Current trends in eating patterns show that snacking is becoming more ubiquitous. A study reported that the median number of eating occasions was 6 per day (decile range 3–10), reflecting erratic daily eating patterns spread over the day (Gill and Panda 2015). Snacking is associated with concepts such as “junk” food or empty calories, and snack foods are often referred to in the context of loss of appetite control, obesity and overconsumption. Food choices that constitute “healthy snacking” are therefore being recommended, and the identification of foods that help to improve appetite control is a key area of research. An avenue of current research is to investigate whether traditional dried fruits could be a useful strategy to improve appetite control on account of their high palatability and a low Glycaemic Index (GI).

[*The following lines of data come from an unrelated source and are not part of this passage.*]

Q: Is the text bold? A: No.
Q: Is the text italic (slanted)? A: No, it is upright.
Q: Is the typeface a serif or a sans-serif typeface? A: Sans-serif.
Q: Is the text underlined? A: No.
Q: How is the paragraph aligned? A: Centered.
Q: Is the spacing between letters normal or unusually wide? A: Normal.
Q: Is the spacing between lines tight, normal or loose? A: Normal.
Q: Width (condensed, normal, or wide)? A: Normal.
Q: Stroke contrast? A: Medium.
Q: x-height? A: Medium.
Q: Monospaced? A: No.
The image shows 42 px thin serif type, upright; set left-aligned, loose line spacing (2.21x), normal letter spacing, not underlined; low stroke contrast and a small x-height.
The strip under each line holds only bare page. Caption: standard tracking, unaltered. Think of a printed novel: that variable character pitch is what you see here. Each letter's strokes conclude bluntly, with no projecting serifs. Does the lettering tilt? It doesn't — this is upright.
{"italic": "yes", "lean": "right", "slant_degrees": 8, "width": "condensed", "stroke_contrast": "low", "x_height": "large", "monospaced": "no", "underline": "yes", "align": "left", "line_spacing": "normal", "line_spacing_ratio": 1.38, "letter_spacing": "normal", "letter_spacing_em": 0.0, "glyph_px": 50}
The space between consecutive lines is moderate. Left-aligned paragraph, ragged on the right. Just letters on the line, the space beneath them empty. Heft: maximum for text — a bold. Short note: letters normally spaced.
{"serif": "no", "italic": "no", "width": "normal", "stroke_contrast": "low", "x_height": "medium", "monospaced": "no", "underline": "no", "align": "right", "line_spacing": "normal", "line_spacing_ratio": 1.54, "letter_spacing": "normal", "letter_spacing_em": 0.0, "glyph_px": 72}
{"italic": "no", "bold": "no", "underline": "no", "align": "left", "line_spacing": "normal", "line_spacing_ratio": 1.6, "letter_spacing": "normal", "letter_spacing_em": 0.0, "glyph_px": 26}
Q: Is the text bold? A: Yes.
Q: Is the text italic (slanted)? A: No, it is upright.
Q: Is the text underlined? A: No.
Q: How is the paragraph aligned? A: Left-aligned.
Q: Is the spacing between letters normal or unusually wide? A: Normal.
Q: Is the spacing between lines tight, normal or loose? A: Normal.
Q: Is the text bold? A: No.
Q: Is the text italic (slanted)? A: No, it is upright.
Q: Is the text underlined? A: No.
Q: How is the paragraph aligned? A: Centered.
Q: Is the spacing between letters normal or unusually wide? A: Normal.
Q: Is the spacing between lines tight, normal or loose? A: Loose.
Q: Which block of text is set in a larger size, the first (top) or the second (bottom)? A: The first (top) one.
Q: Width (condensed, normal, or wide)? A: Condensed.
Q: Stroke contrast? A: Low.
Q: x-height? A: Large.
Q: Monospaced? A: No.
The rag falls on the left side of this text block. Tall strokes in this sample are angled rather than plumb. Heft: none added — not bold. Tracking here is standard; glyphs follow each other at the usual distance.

Not all individuals are at risk of weight gain from snacking, but homeostatic and hedonic phenotypes exist within obese populations. Identification of susceptible phenotypes for appetite control and determining the role of snacking behaviour in these phenotypes is the subject of current research. Susceptible phenotypes might express appetite through weak satiation, fragile satiety, obesogenic food choices, or excessive wanting and liking. A low satiety phenotype has been identified, characterised by poorer weight loss outcomes and a greater tendency to snack when given access to high energy density foods (Barkeling et al. 2007; Drapeau et al. 2013). Research has also identified a “binge-eating type” characterised by consumption of a large amount of food in a short period of time (Bruce and Wilfley 1996), and this is present in 25–50% of obese individuals.